Edvard Munch, The Scream (1893) oil, tempera, pastel, and crayon on cardboard.
Edvard Munch was one such artist whose artwork exuded his own internal suffering: his infamous painting The Scream was inspired by an evening walk in which the sky began to turn blood red and he felt an attack of anxiety, hallucinating an “infinite scream” resonate through nature. Another painting from 1894 titled Anxiety, takes place in the same setting as The Scream. The Norwegian artist wrote in his journal,
“My fear of life is necessary to me, as is my illness. Without anxiety and illness, I am a ship without a rudder … my sufferings are part of my self and my art. They are indistinguishable from me, and their destruction would destroy my art.”
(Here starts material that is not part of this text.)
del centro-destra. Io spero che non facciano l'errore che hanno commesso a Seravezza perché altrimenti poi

He observed, “Illness, insanity and death were the black angels that kept watch over my cradle and accompanied me all my life.” Throughout his lifetime, Munch was plagued by anxiety and hallucinations, and a negative relationship with women that manifested itself in numerous succubus and vampiric portraits.
Munch’s emotionally-charged paintings act as portals into his inner world and his experience with anxiety: a powerful tool in understanding his personal challenges. Our world continues to benefit from the work of creatives, allowing us to experience, think, and emote in more profound ways. While the several aforementioned studies place the instances of cognitive disinhibition, psychosis, and schizophrenia at the heart of creativity and insight, it should be understood that most people suffering from these disorders do not produce ideas that are considered creative, however. The ability to use cognitive disinhibition in a creative way depends on the presence of additional cognitive abilities associated with a high level of functioning. And still, some relatively normal personality traits are also highly predictive of creativity; such as openness to experience and problem-solving.
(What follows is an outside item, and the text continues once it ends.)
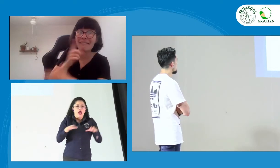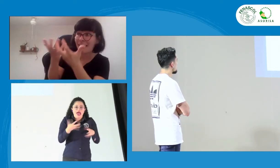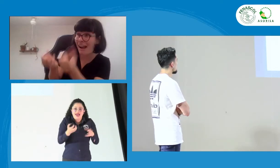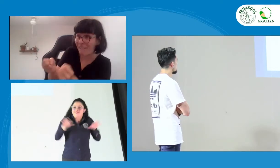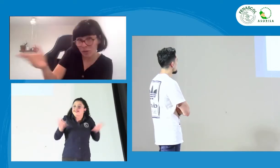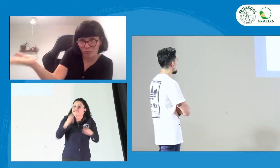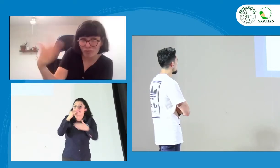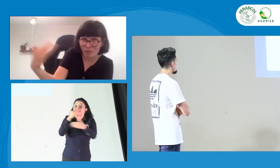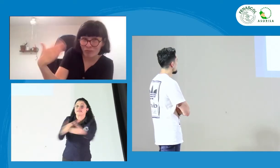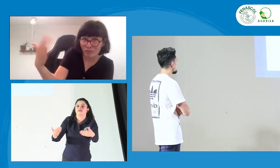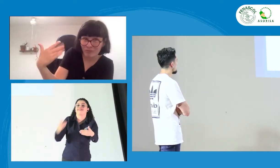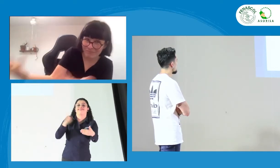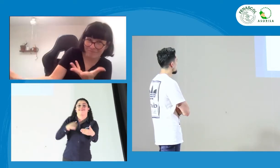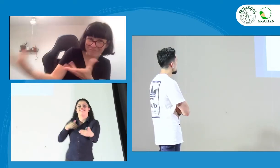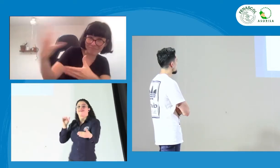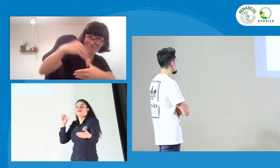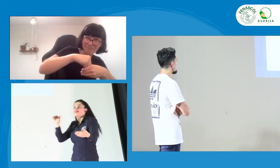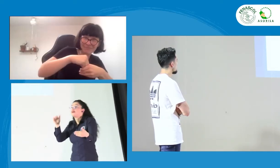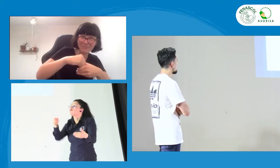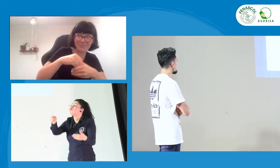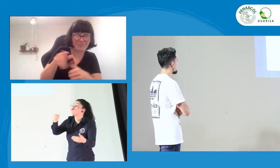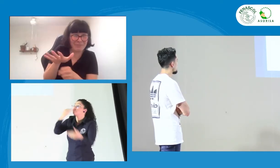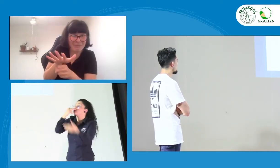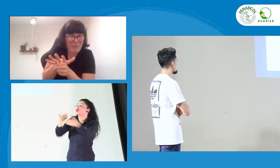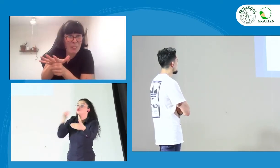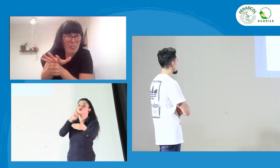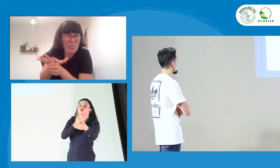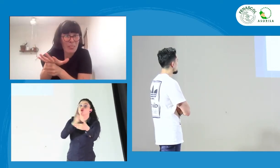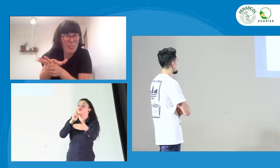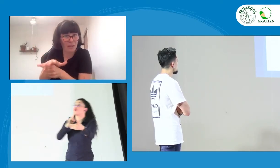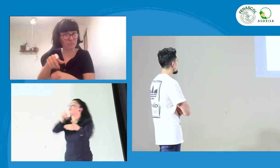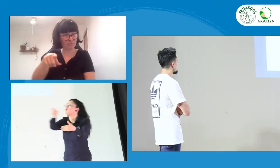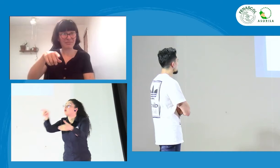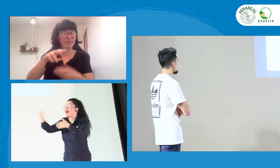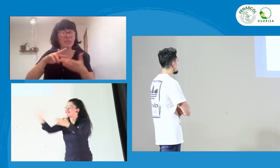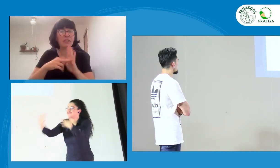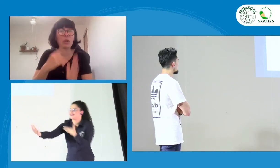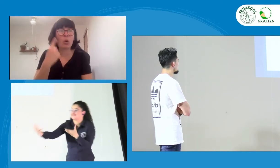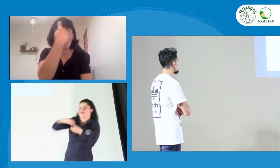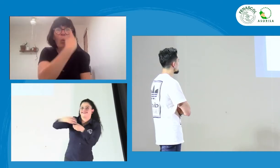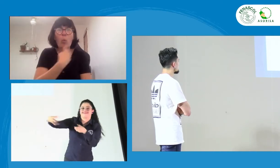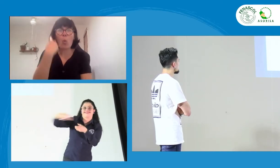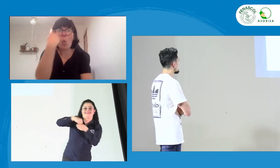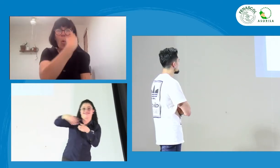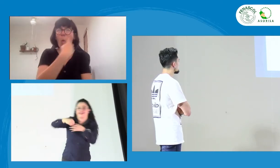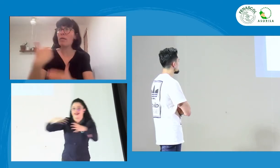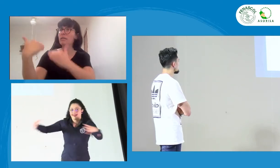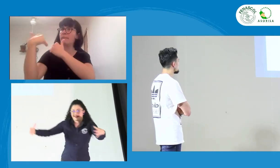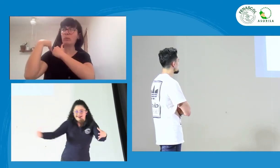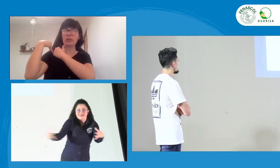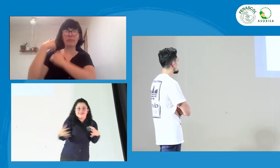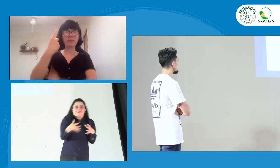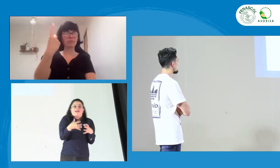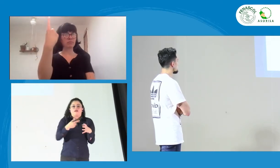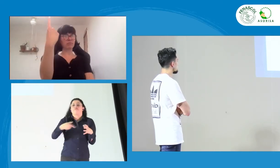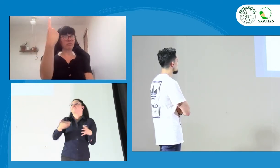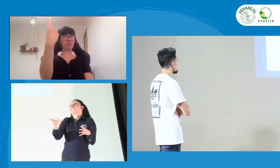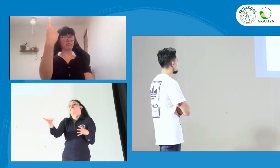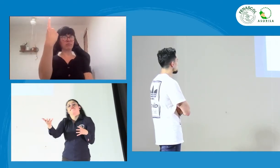abrirle la oportunidad a los niños sordos para que puedan hacer parte de esos espacios locales. Y

Vincent Van Gogh, Starry Night (1889), oil on canvas.
And yet, we should take seriously mental illness and disorders, and be wary not to glamorize the often-debilitating experiences of others. New discoveries in the mental states of highly-creative people invite us to empathize with varied human experiences and psychological differences. Instead of ostracizing eccentric personalities and psychological abnormalities, scientific breakthroughs in creativity and psychology can create a culture of acceptance and value of difference–how’s that for an earful?